Apart from the already described performance parameters, we have also plotted ROC and PR curves for various models on the test dataset. Since the number of models are more, that is why we have presented the ROC and PR curves in two parts. The ROC curves are shown in Figs. 9 and 10, and the PR curves are shown in Figs. 11 and 12. We have also calculated the Area Under each Curve (AUC) and is mentioned in each figure. Closer the value of AUC to 100%, more efficient is the classification model. After analysing the figures, it is clear that the proposed model has an area under the ROC curve value of 89.2% and area under the PR curve value of 92.1%, which is maximum when compared with the other studied models.

Figure 9: ROC curves of various models (Part-I).

Download full-size image

DOI: 10.7717/peerj-cs.1622/fig-9

Figure 10: ROC curves of various models (Part-II).

Download full-size image

DOI: 10.7717/peerj-cs.1622/fig-10

Figure 11: PR curves of various models (Part-I).

Download full-size image

DOI: 10.7717/peerj-cs.1622/fig-11

Figure 12: PR curves of various models (Part-II).

Download full-size image

DOI: 10.7717/peerj-cs.1622/fig-12

The combined analysis of all the presented results clearly reveals that the proposed model effectively detects allergen and non-allergen protein sequences. The proposed model has maximum value of detection accuracy, F1-score, MCC and area under the ROC and PR curves.

Performance comparison

To further specify the significance of the proposed model, we have compared its performance with AllerTOP (Dimitrov, Flower & Doytchinova, 2013), AlgPred (Saha & Raghava, 2006), AllergenFP (Dimitrov et al., 2014b), AllerTOPv2 (Dimitrov et al., 2014a), AllerCatPro (Maurer-Stroh et al., 2019) and AllerCatPro 2.0 (Nguyen et al., 2022). We have evaluated the performance of the proposed model on different datasets (independent from the one described in section 2.4) used in AllerTOP, AlgPred, AllergenFP, AllerTOPv2, AllerCatPro, and AllerCatPro 2.0 respectively. The performance comparison is shown in Fig. 13, where it is clear that the proposed model outperforms the specified state-of-the-art literature techniques for allergen classification. Figure 13 shows that the proposed model has an average allergen detection accuracy of 89.16% and MCC of 78.3%, which is highest when compared with the other state-of-the-art literature techniques. The comparative study also shows that the model is free from overfitting issues and is stable.
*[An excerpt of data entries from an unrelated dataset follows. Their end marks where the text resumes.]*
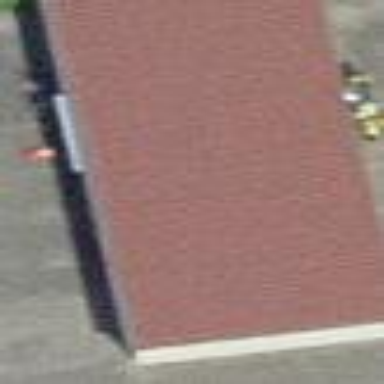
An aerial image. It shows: Group of garages.
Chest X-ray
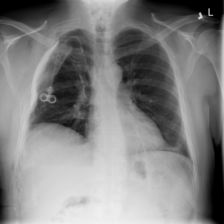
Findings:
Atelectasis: negative
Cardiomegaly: negative
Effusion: negative
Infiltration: negative
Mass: negative
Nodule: negative
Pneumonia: negative
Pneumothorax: negative
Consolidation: negative
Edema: negative
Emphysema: positive
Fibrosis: negative
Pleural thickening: negative
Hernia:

Figure 13: Comparison of the proposed model with related work.

Download full-size image

DOI: 10.7717/peerj-cs.1622/fig-13

Conclusion

This article presented the analysis of various machine learning and deep learning techniques to propose an ensemble learning based approach for the identification of protein allergens. The article also highlighted various entities and concepts related to allergy control. In this article, we also described various protein sequence properties like physicochemical, molecular, antimicrobial and other characteristics to extract the feature vectors, giving rise to the dataset used for training and testing of intelligent techniques. The performance evaluation of various machine learning, deep learning techniques and proposed mechanism revealed that the proposed mechanism outperforms the other discussed techniques and achieved an allergen detection accuracy of 89.16%. The performance of proposed mechanism was also compared with the state-of-the-art literature techniques, which used the similar dataset as used in this study, and the results prove that the proposed mechanism outperforms the other techniques.

Even though the proposed model outperforms the other related techniques, the overall accuracy can be further enhanced. So, in the future, various approaches like increasing the size of dataset, use of different optimization and regularization techniques, etc., can be used which will further enhance the performance of the proposed mechanism. Furthermore, the diversity of the dataset can be increased in the future by adding data from different geographical regions for increasing the precision of the proposed model.

Supplemental Information

Allergen Non-Allergen Data.

First column represents protein sequences followed by features associated to that sequence. The last column 'allergen' represents the target. 1 represent allergen, 0 represent non-allergen.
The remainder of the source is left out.